After years of red ink on its balance sheet, EgyptAir Holding will close the fiscal year with more than LE 400 million in profits.
May: Orascom Hotels and Development (OHD) launches two joint-venture charter airlines with Tunisian Karthago Group. Sun Air, with a fleet of three aircraft, began operation in May flying to all domestic airports; regional routes to Lebanon, Jordan, Cyprus, Greece and Turkey are expected to start this year. Koral Blue, starting with two planes, announces plans to fly routes to Europe starting in March 2007.
July: In a small step toward open skies, Minister of Aviation Ahmed Shafiq allows non-Egyptian companies to fly directly into and out of airports at Luxor, Hurghada, Aswan, Sharm El-Sheikh, Taba, Marsa Alam, and Al-Alamein.
August: The Egyptian Airports Company unveils a LE 15 million plan to improve efficiency of the Taba Airport's runways.
September: The government announces a $155 million project to increase the capacity of Hurghada Airport from 4.5 million passengers to 7.5 million per year, starting with the construction of a LE 75 million passenger terminal. Also, Shafiq inaugurates the LE 320 million Luxor Airport terminal, accommodating 7 million passengers each year.
EgyptAir Holding Company signs a $170 million deal with Brazilian aircraft manufacturer Embraer to buy six mid-range aircraft to be used by EgyptAir's ninth subsidiary EgyptAir Express. EgyptAir Express, a low-fare airline expected to start services in April 2007, will service domestic and some Mediterranean Basin routes including Lebanon, Syria, Saudi Arabia, Libya, Greece and Cyprus.
October: Aviation authorities announce that construction on Cairo International Airport's new terminal 3 has been delayed. Originally scheduled to be completed by mid-2007, the new terminal is now expected to be inaugurated by the end of 2007.

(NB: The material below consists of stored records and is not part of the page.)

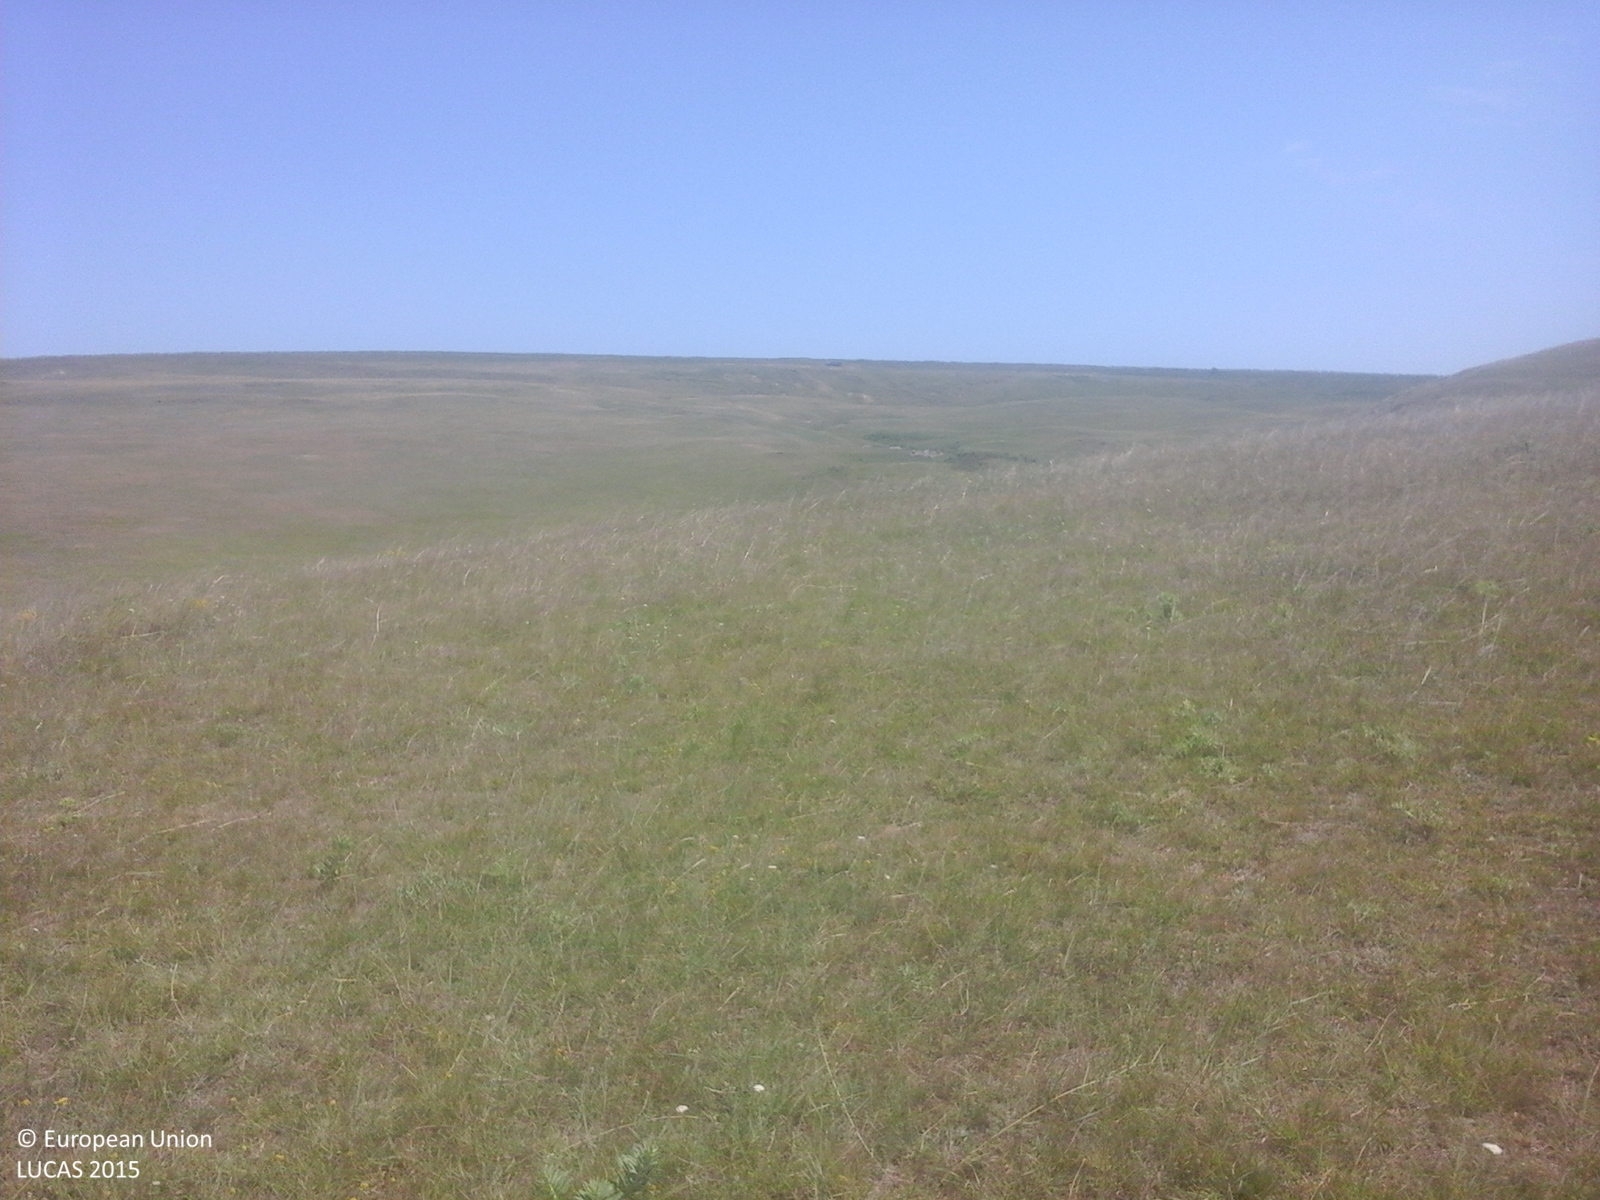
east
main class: Grassland
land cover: Grassland without tree/shrub cover
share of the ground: > 75 %
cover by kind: herbaceous plants 100 %
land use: Agriculture (excluding fallow land and kitchen gardens)
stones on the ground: < 10 %
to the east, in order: Grassland without tree/shrub cover
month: June
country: RO
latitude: 46.8871
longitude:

November: Low-cost carrier Air Cairo receives the first of four Airbus A320 aircraft for use on its charter routes to the Middle East and Europe. The Airbus deal, worth $220 million, was signed in March to augment Air Cairo's existing fleet of two A321 aircraft on lease from EgyptAir, which owns 40% of the company. The remaining 60% is held by a consortium of Egyptian banks.
Mohamed Tabal, head of the Civil Aviation Ministry's planning department, says that national carrier EgyptAir will increase its fleet from the current 50 to 64 aircraft by 2010. The ministry, he adds, also plans to allocate LE 50 million to improve security in all Egyptian airports in line with the most advanced technologies. Another project will finish covering all of Egypt's airspace with navigational radar; some parts of southwestern Egypt currently lack coverage.